Shares in Dick's Sporting Goods tumbled more than ten per cent today after the US sport retail giant's sales grew less than expected in the first quarter.

The figures

For the quarter to 29 April, net sales grew to $1.83bn (£1.42bn) from $1.66bn the previous year, missing Thomson Reuters' consensus of $1.84bn.

Same-store sales, the metric Wall Street monitors for retail stocks, lifted 2.4 per cent, falling short of FactSet analysts' expectations of 3.5 per cent growth.

Shares in the firm plunged 13.12 per cent to $41.33 in US morning trading, setting the firm on track for its biggest one-day decline in three years.

Read more: Disappointing US economic data sends the dollar down

Why it's interesting

The disappointing results follow the trend set by US retailers Macy's and Kohl's as the sector struggles to cope with declining footfall in malls.

Dick's warned it faces a "challenging retail environment" and said it will "evaluate and adjust" its business model going forward as it focuses on cutting costs and streamlining operations.

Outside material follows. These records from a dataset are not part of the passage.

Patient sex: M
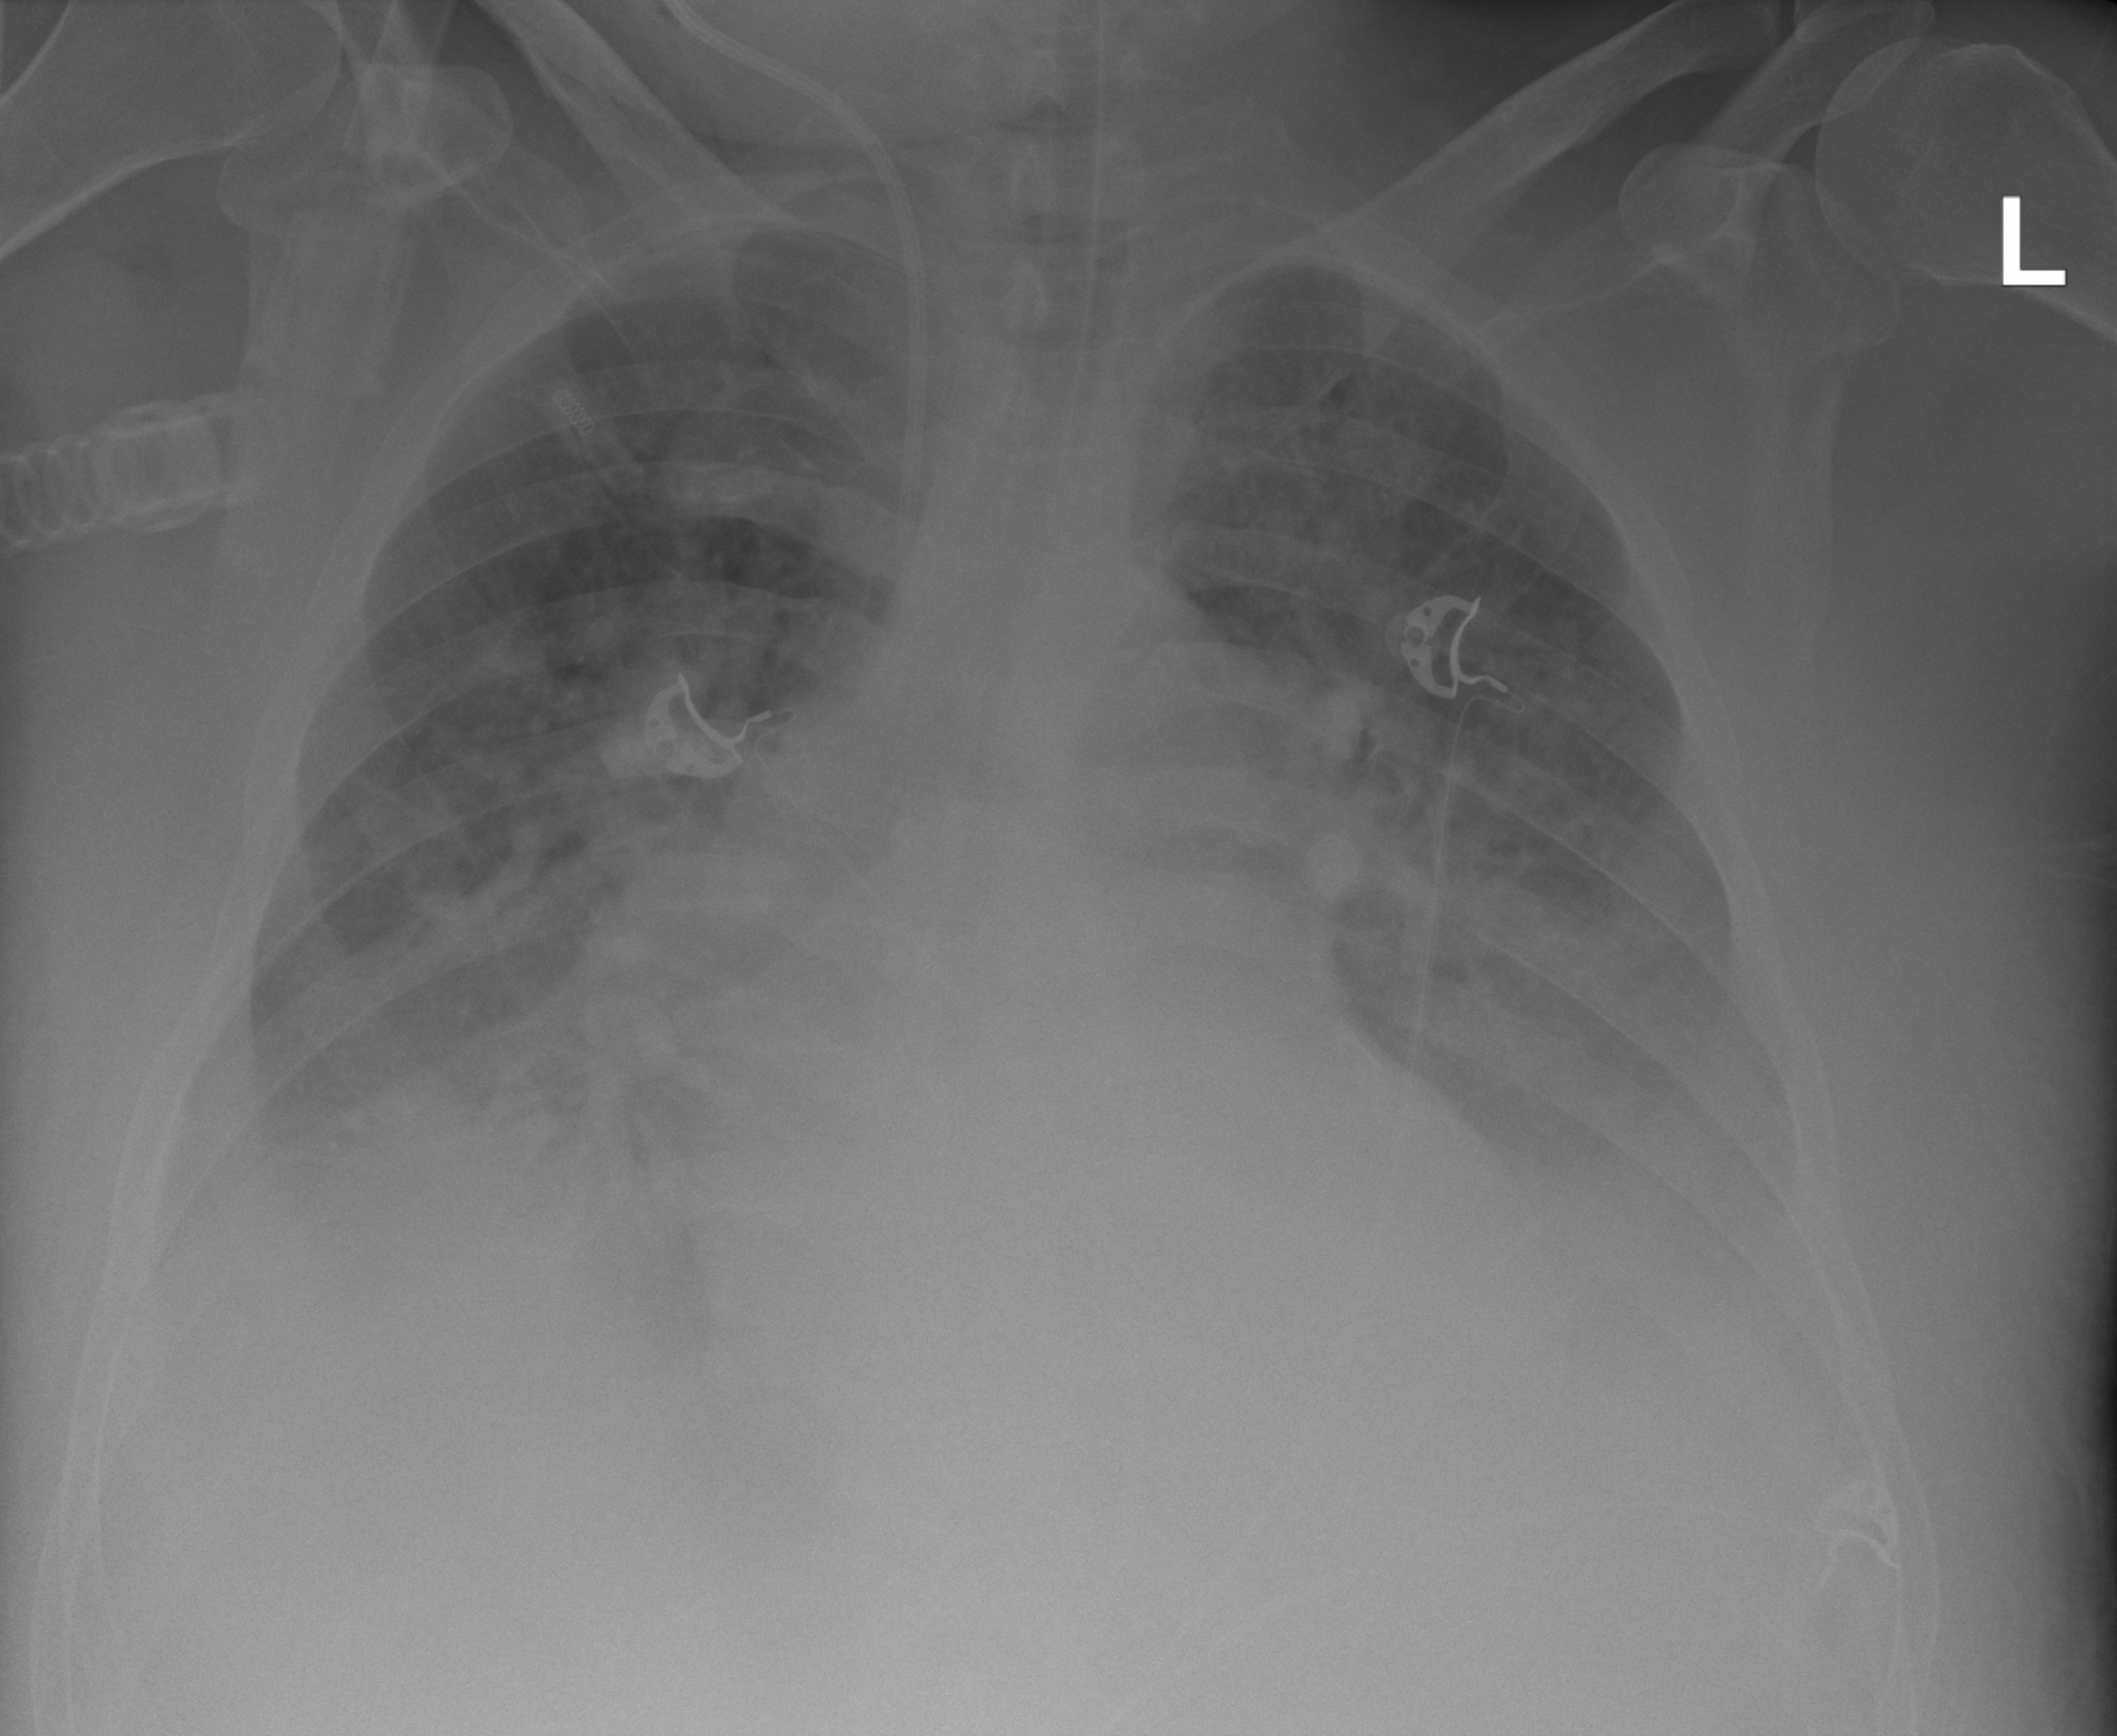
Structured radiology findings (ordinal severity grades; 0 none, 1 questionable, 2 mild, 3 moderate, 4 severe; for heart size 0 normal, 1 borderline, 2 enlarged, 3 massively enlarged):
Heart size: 2
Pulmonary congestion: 4
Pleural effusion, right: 2
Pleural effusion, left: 3
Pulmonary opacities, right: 2
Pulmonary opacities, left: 2
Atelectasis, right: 2
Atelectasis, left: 3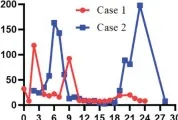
Clinical evolutions after infusion of anti-CD19 and anti-CD22 CAR T-cell cocktail in patients. (B) Levels of IL-6 after CAR T-cell infusion.
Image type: pathology (immunostaining)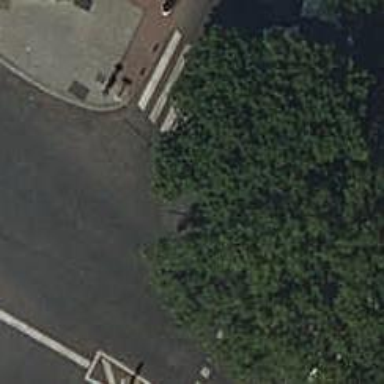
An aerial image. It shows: Zebra crossing on the road.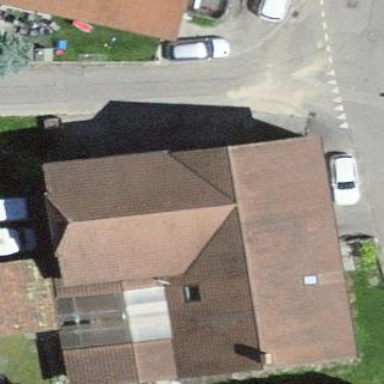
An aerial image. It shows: Residential building.
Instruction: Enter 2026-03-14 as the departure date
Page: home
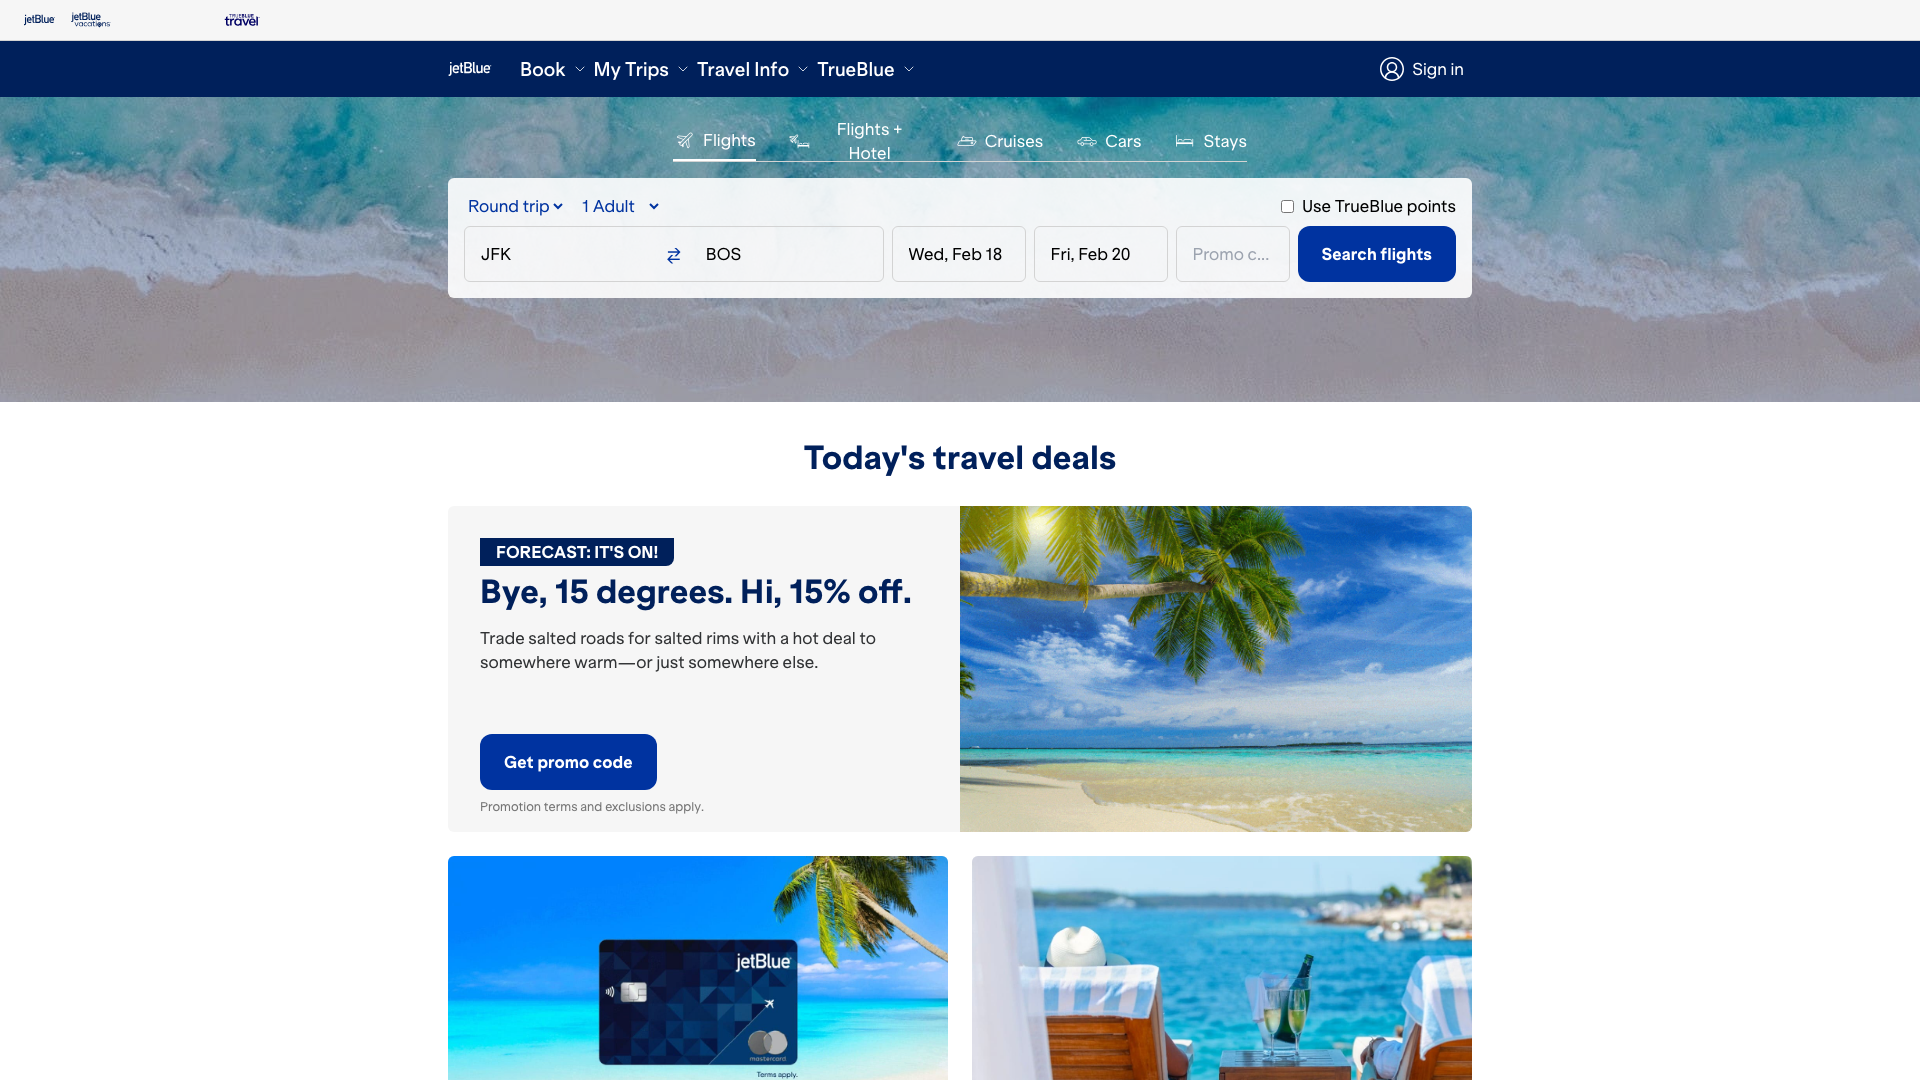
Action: type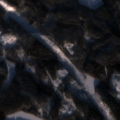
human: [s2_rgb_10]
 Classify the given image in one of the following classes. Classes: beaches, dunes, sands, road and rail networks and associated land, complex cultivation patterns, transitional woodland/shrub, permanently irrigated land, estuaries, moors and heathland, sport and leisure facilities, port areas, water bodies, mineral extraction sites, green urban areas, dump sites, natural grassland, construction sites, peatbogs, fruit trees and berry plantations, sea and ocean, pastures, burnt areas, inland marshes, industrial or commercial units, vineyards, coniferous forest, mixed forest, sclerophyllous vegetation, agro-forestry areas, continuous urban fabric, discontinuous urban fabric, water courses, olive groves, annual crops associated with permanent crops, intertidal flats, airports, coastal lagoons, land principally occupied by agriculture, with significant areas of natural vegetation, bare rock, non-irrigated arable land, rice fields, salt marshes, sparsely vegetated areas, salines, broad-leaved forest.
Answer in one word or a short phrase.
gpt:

In the second quarter, the company plans to open 13 new stores and increase same-store sales by around two to three per cent.

Read more: Restaurants and cafes now take up one in five retail units

What Dick's said

Edward Stack, chairman and chief executive of Dick's Sporting Goods, said:

“Despite a challenging retail environment, we realised growth across each of our three primary categories of hardlines, apparel and footwear, and were pleased with the performance of our newly relaunched eCommerce site.

"We remain optimistic as we drive profitable growth on our new eCommerce platform, make marked progress on our new merchandising strategy and continue to capture market share."

Looking ahead, we continue to evaluate and adjust our business model, and are taking actions to reduce our expense structure in order to fund and develop our longer-term strategic initiatives.